Perhaps the most useful definition, in fact, would begin with a statement about expectation: the expectation with which a reader engages a poem, and the reasons for which a poet may have undertaken the poem, and the possible discrepancy between these two. We have all had the experience of fighting a work of art because it was not doing what we were asking of it. John Ashbery said in an interview: "My feeling is that a poem that communicates something that's already known to the reader is not really communicating anything to him and in fact shows a lack of respect for him." Since what is communicated in a work of art is also how it is communicated, a false expectation is almost certain to produce a false reading. And often we confirm this by the happy surprise that comes when a work we had been defeated by suddenly opens itself to us—we find that it performs very well the job of work which was its reason, once we stop asking it to perform some other service which was no part of its intention.

A word here about liking a poem. This should of course be our primary objective and motive. But to like is a function of the critical intelligence, as this passage by W. H. Auden makes clear:

As readers, we remain in the nursery stage as long as we
cannot distinguish between taste and judgment, so long,
that is, as the only possible verdicts we can pass on a
book are two: this I like, this I don't like.

He goes on with the lovely, schoolmasterly, and abashing accuracy of an Audenism:

For an adult reader, the possible verdicts are five; I can see
this is good and I like it; I can see this is good but I don't
like it; I can see this is good and, though at present I don't
like it, I believe that with perseverance I shall come to like
it; I can see this is trash but I like it; I can see this is trash
and I don't like it.

My argument is that we should use the third option as often as possible, when the first response is not spontaneous with us. When we can't say of a poem, especially of a poem that comes recommended, "I can see this is good and I like it," we owe it to ourselves and the poem to try to say, "I can see this is good, and though at present I don't like it, I believe that with perseverance, et cetera."

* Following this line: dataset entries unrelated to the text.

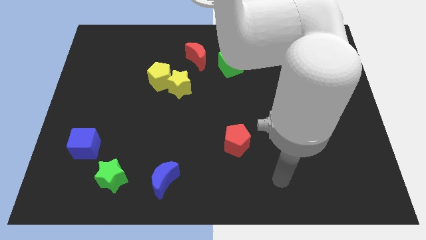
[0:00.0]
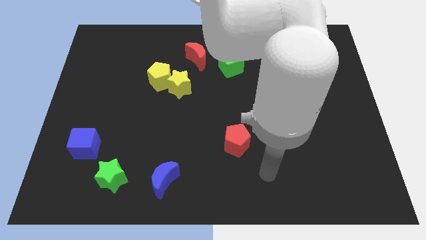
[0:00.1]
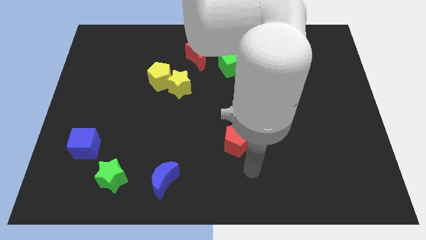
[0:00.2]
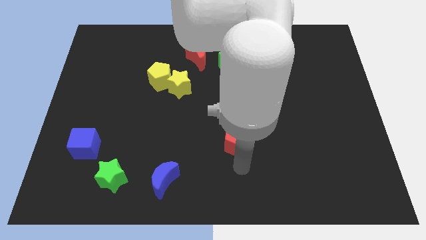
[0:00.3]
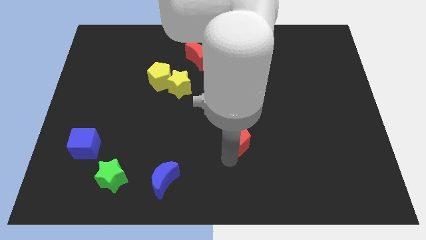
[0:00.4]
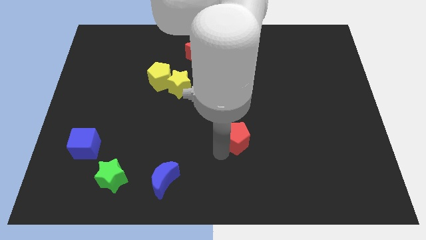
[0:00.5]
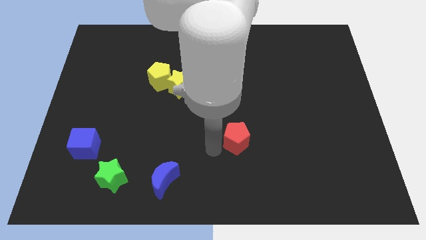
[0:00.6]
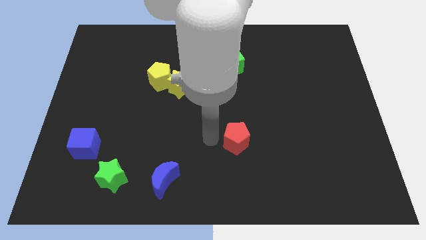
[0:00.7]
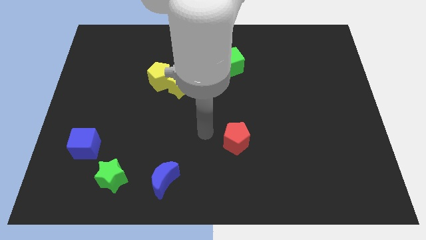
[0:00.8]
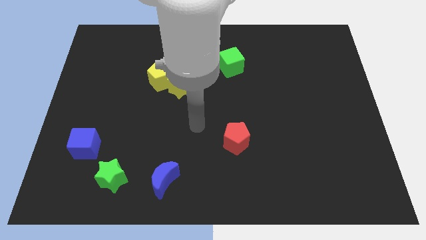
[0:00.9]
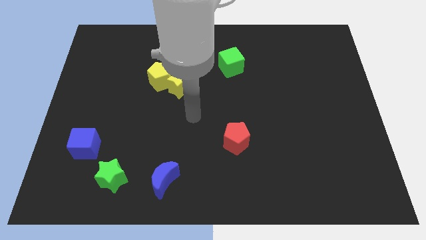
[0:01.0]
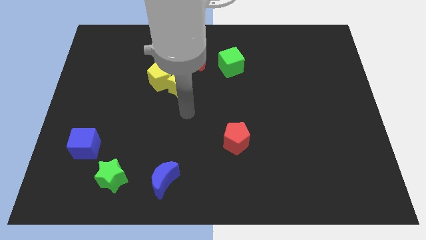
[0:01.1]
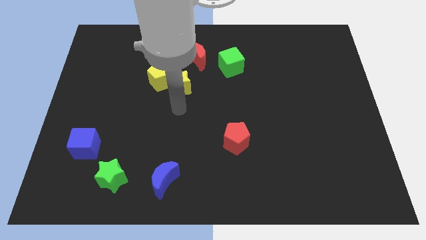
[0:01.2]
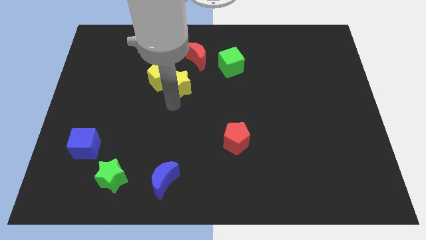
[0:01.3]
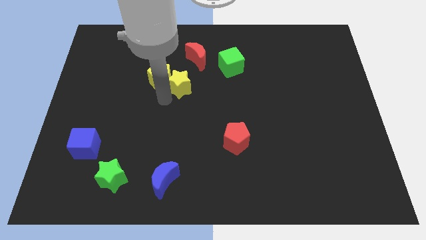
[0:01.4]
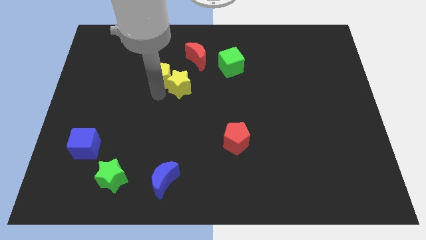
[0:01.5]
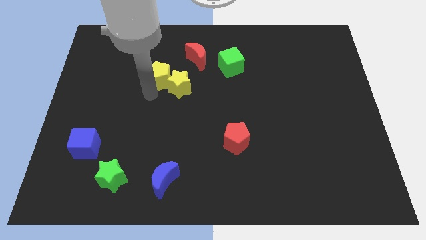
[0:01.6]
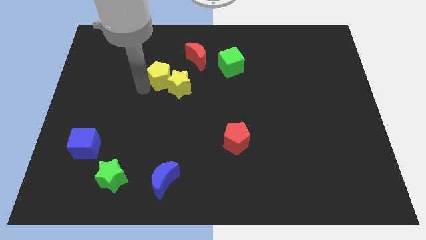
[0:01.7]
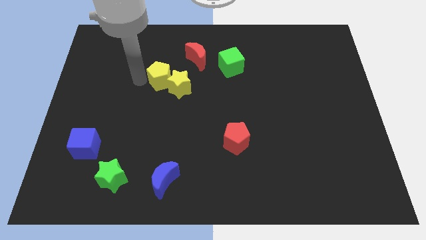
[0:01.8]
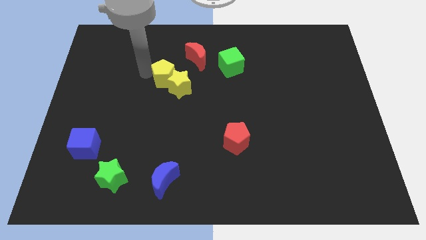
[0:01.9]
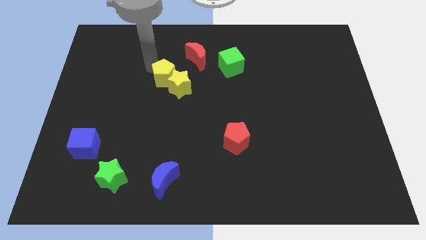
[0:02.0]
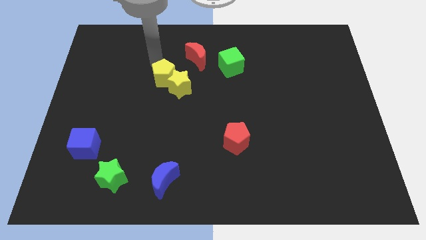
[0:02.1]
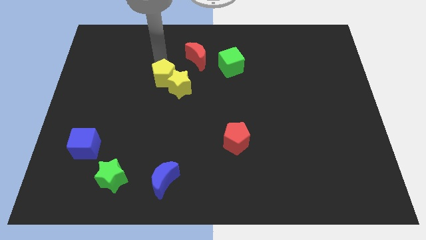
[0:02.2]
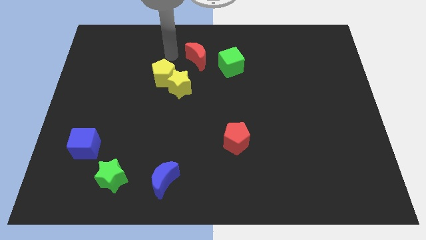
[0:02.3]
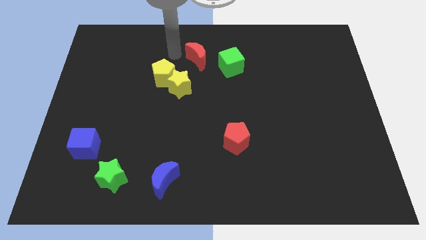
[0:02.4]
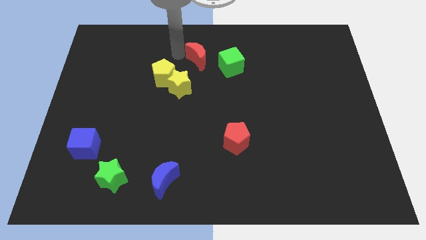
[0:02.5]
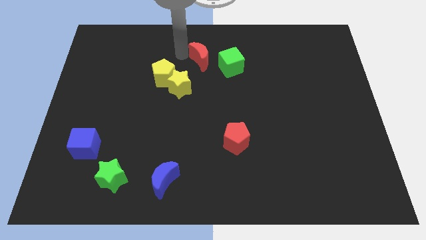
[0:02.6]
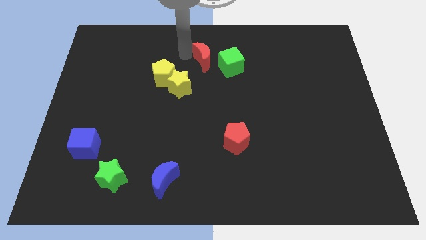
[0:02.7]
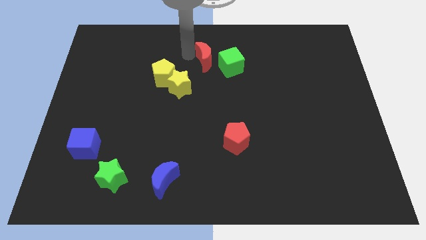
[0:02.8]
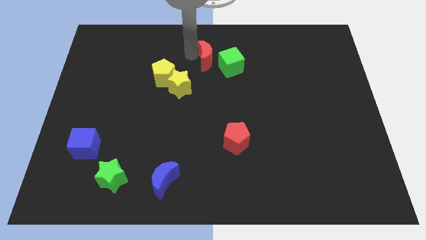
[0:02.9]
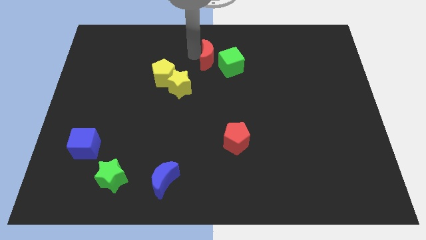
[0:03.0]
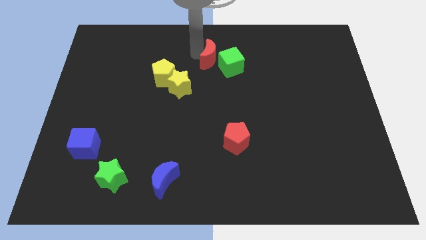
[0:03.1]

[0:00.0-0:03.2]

Poems seem to come into being for various and distinct reasons. These vary from poem to poem and from poet to poet. The reason for a poem is apt to be one of the revelations attendant on its making. No surprise for the writer, no surprise for the reader, Frost said. The reason for a new poem is, in some essential, a new reason. This is why poets, in the large Greek sense of makers, are crucial to a culture. They respond newly, but in the familiar tribal experience of language, to what new thing befalls the tribe. I shall have some comments to make here about three generic reasons for which poems seem to come into being, but even within these genera, the occasion of a poem is always a new thing under the sun.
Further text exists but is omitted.